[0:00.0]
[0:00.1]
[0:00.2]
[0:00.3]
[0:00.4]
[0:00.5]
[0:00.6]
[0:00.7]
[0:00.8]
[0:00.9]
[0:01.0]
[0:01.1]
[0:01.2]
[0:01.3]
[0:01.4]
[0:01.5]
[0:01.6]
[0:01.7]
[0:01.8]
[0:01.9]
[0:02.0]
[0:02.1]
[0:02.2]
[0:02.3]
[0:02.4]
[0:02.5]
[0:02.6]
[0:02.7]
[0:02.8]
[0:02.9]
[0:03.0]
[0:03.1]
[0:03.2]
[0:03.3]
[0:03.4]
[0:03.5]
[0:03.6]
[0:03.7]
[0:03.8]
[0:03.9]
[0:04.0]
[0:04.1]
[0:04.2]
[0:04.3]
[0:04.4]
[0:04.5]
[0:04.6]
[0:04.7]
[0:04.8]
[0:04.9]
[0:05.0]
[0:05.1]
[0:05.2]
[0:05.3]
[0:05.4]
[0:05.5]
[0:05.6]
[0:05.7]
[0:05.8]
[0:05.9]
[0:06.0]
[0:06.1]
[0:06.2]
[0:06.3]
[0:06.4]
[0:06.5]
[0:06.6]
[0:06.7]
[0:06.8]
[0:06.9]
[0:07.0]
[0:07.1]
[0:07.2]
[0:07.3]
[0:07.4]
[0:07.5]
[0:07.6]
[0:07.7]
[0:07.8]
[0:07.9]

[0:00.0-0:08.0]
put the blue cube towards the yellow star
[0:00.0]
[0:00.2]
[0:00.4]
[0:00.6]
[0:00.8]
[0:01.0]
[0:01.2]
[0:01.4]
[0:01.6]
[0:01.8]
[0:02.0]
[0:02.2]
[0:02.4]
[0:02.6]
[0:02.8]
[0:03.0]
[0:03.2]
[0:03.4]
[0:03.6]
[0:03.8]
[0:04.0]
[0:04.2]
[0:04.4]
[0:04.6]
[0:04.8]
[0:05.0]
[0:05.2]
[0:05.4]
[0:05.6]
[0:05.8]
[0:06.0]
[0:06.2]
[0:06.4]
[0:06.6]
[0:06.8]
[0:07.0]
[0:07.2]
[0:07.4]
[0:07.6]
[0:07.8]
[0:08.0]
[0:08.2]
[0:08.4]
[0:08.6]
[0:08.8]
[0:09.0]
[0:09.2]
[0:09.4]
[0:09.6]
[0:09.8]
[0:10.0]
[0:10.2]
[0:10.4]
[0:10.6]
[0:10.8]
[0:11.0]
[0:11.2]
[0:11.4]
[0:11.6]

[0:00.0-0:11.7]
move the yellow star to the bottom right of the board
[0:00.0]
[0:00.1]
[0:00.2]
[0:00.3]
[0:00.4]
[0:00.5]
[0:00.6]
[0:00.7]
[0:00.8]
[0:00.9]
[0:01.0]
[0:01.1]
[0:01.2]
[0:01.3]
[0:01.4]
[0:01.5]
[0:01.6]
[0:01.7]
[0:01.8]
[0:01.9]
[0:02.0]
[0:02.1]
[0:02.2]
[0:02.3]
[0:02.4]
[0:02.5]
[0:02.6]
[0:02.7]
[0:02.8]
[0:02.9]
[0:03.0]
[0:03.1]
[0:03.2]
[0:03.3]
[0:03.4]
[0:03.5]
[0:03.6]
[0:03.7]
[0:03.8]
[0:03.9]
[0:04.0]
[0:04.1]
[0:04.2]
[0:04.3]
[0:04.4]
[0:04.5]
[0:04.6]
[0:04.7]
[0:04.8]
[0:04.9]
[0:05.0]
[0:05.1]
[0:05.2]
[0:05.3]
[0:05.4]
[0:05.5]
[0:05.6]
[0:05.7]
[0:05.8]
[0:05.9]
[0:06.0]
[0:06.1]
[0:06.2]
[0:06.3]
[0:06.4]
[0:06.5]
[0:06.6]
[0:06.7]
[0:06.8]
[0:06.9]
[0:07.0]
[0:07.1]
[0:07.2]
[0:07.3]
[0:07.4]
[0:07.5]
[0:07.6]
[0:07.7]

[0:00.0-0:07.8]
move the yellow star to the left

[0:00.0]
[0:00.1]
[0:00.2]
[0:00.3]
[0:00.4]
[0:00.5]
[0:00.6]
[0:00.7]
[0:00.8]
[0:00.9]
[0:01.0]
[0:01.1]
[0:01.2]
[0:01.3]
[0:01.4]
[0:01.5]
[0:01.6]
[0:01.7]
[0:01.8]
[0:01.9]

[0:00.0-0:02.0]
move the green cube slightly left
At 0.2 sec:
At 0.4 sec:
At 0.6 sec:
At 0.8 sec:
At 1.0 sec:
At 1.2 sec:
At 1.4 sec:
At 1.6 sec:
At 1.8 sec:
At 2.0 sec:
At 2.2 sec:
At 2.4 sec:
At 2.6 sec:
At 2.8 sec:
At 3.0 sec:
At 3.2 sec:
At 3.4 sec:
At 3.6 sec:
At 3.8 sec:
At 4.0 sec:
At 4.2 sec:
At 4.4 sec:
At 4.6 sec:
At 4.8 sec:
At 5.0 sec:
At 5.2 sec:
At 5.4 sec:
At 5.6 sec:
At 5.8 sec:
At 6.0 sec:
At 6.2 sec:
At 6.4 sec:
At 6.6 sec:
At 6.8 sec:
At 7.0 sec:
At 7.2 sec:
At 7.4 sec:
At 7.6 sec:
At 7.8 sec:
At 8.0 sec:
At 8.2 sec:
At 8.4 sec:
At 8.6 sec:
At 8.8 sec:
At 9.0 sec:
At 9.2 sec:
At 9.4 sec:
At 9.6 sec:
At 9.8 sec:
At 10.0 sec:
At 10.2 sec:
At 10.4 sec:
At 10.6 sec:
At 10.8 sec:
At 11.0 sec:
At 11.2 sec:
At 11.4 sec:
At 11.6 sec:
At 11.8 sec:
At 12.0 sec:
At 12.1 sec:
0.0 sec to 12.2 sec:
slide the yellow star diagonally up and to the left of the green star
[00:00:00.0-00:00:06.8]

• [WHAT YOU WILL DO] A word-for-word repetition of the listing above is required.

• [RESPONSE]
[0:00.0]
[0:00.1]
[0:00.2]
[0:00.3]
[0:00.4]
[0:00.5]
[0:00.6]
[0:00.7]
[0:00.8]
[0:00.9]
[0:01.0]
[0:01.1]
[0:01.2]
[0:01.3]
[0:01.4]
[0:01.5]
[0:01.6]
[0:01.7]
[0:01.8]
[0:01.9]
[0:02.0]
[0:02.1]
[0:02.2]
[0:02.3]
[0:02.4]
[0:02.5]
[0:02.6]
[0:02.7]
[0:02.8]
[0:02.9]
[0:03.0]
[0:03.1]
[0:03.2]
[0:03.3]
[0:03.4]
[0:03.5]
[0:03.6]
[0:03.7]
[0:03.8]
[0:03.9]
[0:04.0]
[0:04.1]
[0:04.2]
[0:04.3]
[0:04.4]
[0:04.5]
[0:04.6]
[0:04.7]
[0:04.8]
[0:04.9]
[0:05.0]
[0:05.1]
[0:05.2]
[0:05.3]
[0:05.4]
[0:05.5]
[0:05.6]
[0:05.7]
[0:05.8]
[0:05.9]
[0:06.0]
[0:06.1]
[0:06.2]
[0:06.3]
[0:06.4]
[0:06.5]
[0:06.6]
[0:06.7]
[0:06.8]
[0:06.9]
[0:07.0]
[0:07.1]
[0:07.2]
[0:07.3]
[0:07.4]
[0:07.5]
[0:07.6]
[0:07.7]
[0:07.8]
[0:07.9]

[0:00.0-0:08.0]
put the blue cube towards the yellow star
[0:00.0]
[0:00.2]
[0:00.4]
[0:00.6]
[0:00.8]
[0:01.0]
[0:01.2]
[0:01.4]
[0:01.6]
[0:01.8]
[0:02.0]
[0:02.2]
[0:02.4]
[0:02.6]
[0:02.8]
[0:03.0]
[0:03.2]
[0:03.4]
[0:03.6]
[0:03.8]
[0:04.0]
[0:04.2]
[0:04.4]
[0:04.6]
[0:04.8]
[0:05.0]
[0:05.2]
[0:05.4]
[0:05.6]
[0:05.8]
[0:06.0]
[0:06.2]
[0:06.4]
[0:06.6]
[0:06.8]
[0:07.0]
[0:07.2]
[0:07.4]
[0:07.6]
[0:07.8]
[0:08.0]
[0:08.2]
[0:08.4]
[0:08.6]
[0:08.8]
[0:09.0]
[0:09.2]
[0:09.4]
[0:09.6]
[0:09.8]
[0:10.0]
[0:10.2]
[0:10.4]
[0:10.6]
[0:10.8]
[0:11.0]
[0:11.2]
[0:11.4]
[0:11.6]

[0:00.0-0:11.7]
move the yellow star to the bottom right of the board
[0:00.0]
[0:00.1]
[0:00.2]
[0:00.3]
[0:00.4]
[0:00.5]
[0:00.6]
[0:00.7]
[0:00.8]
[0:00.9]
[0:01.0]
[0:01.1]
[0:01.2]
[0:01.3]
[0:01.4]
[0:01.5]
[0:01.6]
[0:01.7]
[0:01.8]
[0:01.9]
[0:02.0]
[0:02.1]
[0:02.2]
[0:02.3]
[0:02.4]
[0:02.5]
[0:02.6]
[0:02.7]
[0:02.8]
[0:02.9]
[0:03.0]
[0:03.1]
[0:03.2]
[0:03.3]
[0:03.4]
[0:03.5]
[0:03.6]
[0:03.7]
[0:03.8]
[0:03.9]
[0:04.0]
[0:04.1]
[0:04.2]
[0:04.3]
[0:04.4]
[0:04.5]
[0:04.6]
[0:04.7]
[0:04.8]
[0:04.9]
[0:05.0]
[0:05.1]
[0:05.2]
[0:05.3]
[0:05.4]
[0:05.5]
[0:05.6]
[0:05.7]
[0:05.8]
[0:05.9]
[0:06.0]
[0:06.1]
[0:06.2]
[0:06.3]
[0:06.4]
[0:06.5]
[0:06.6]
[0:06.7]
[0:06.8]
[0:06.9]
[0:07.0]
[0:07.1]
[0:07.2]
[0:07.3]
[0:07.4]
[0:07.5]
[0:07.6]
[0:07.7]

[0:00.0-0:07.8]
move the yellow star to the left

[0:00.0]
[0:00.1]
[0:00.2]
[0:00.3]
[0:00.4]
[0:00.5]
[0:00.6]
[0:00.7]
[0:00.8]
[0:00.9]
[0:01.0]
[0:01.1]
[0:01.2]
[0:01.3]
[0:01.4]
[0:01.5]
[0:01.6]
[0:01.7]
[0:01.8]
[0:01.9]

[0:00.0-0:02.0]
move the green cube slightly left
At 0.2 sec:
At 0.4 sec:
At 0.6 sec:
At 0.8 sec:
At 1.0 sec:
At 1.2 sec:
At 1.4 sec:
At 1.6 sec:
At 1.8 sec:
At 2.0 sec:
At 2.2 sec:
At 2.4 sec:
At 2.6 sec:
At 2.8 sec:
At 3.0 sec:
At 3.2 sec:
At 3.4 sec:
At 3.6 sec:
At 3.8 sec:
At 4.0 sec:
At 4.2 sec:
At 4.4 sec:
At 4.6 sec:
At 4.8 sec:
At 5.0 sec:
At 5.2 sec:
At 5.4 sec:
At 5.6 sec:
At 5.8 sec:
At 6.0 sec:
At 6.2 sec:
At 6.4 sec:
At 6.6 sec:
At 6.8 sec:
At 7.0 sec:
At 7.2 sec:
At 7.4 sec:
At 7.6 sec:
At 7.8 sec:
At 8.0 sec:
At 8.2 sec:
At 8.4 sec:
At 8.6 sec:
At 8.8 sec:
At 9.0 sec:
At 9.2 sec:
At 9.4 sec:
At 9.6 sec:
At 9.8 sec:
At 10.0 sec:
At 10.2 sec:
At 10.4 sec:
At 10.6 sec:
At 10.8 sec:
At 11.0 sec:
At 11.2 sec:
At 11.4 sec:
At 11.6 sec:
At 11.8 sec:
At 12.0 sec:
At 12.1 sec:
0.0 sec to 12.2 sec:
slide the yellow star diagonally up and to the left of the green star
[00:00:00.0-00:00:06.8]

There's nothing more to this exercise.